Without building retrofits, Canada will not meet its climate goals experts say.

Government officials, real estate investment companies and green building advocates shared their thoughts on how to ramp up retrofits during a virtual discussion hosted by the BC Construction Roundtable. 

Thomas Mueller, CEO of the Canada Green Building Council, showed attendees a photo of a major city landscape and noted that 70 to 80 per cent of the buildings seen would still be there in 2050 and many of them need retrofitting. 

“It is an enormous challenge, but not insurmountable,” he said. “The building sector is on the forefront of climate action.”

He noted one of the keys will be unequal distribution of assistance. 

“When it comes to climate change and the building sector, we cannot focus our efforts equally across the country,” he said. “Some need more support in their actions.”

He noted western provinces have especially carbon intense power grids. While Ontario has a cleaner grid, it’s sheer number of buildings makes it a challenge.

Mueller said to achieve climate targets, Canada must build a workforce capable of carrying out the work, advocate for good government policy, research market solutions, set standards and performance verification, and create capacity to deliver retrofitting at scale.

Frederic Bettez, the managing director of investments for the Canada Infrastructure Bank (CIB), explained how the CIB is strategically deploying its resources to encourage deep retrofits. 

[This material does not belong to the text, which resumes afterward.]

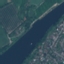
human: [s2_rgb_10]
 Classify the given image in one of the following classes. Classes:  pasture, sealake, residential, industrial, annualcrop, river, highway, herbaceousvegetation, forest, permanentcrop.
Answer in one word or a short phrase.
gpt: River

“We want to help transform the market, attract more private capital, drive deeper retrofits rather than lighter ones, push for innovative solutions,” said Bettez.

Their standardized minimum investment is $25 million. Bettez said this is to target either very large projects or whole portfolios of projects so that more buildings can be impacted and the owner can implement a standardized approach. Flexible interest rates allow the CIB to incentivize deeper, more innovative projects. 

Jamie Gray-Donald, a senior vice-president at real estate investment company QuadReal, explained half of the company’s $44 billion portfolio is in Canada and he is working cut down greenhouse gas emissions. So far, energy efficiency programs have gleaned roughly two per cent in energy savings each year, but larger moves will be needed.

“In the long-term, the biggest thing we need to do is switch off natural gas in our existing buildings and purchase renewable energy in markets where that is possible,” he said.

But deep retrofits and fuel switching have long payback timelines, making them a difficult choice. 

“We need all the help we can get,” said Gray-Donald. “Our goal is absolute carbon reduction of 80 per cent.”

Regan Smith, Manulife’s AVP and managing director of sustainability, explained the next five years or so for her company’s portfolio is advancing energy efficiency measures outlined in audits and reports that are already in business and operational plans.

“We are just trying to keep up with the momentum of those existing reductions,” said Smith, who noted Manulife is also averaging a two per cent reduction in energy use each year. “Beyond that, the goal is to bake in these carbon retrofits into our planning. We can’t just look at an energy budget. We must have a carbon budget. Part of our discussions is looking at a collaborative approach to change the thinking of how we are managing our buildings.”

She noted various programs and organizations that generate reports and data help their property teams develop plans to move forward.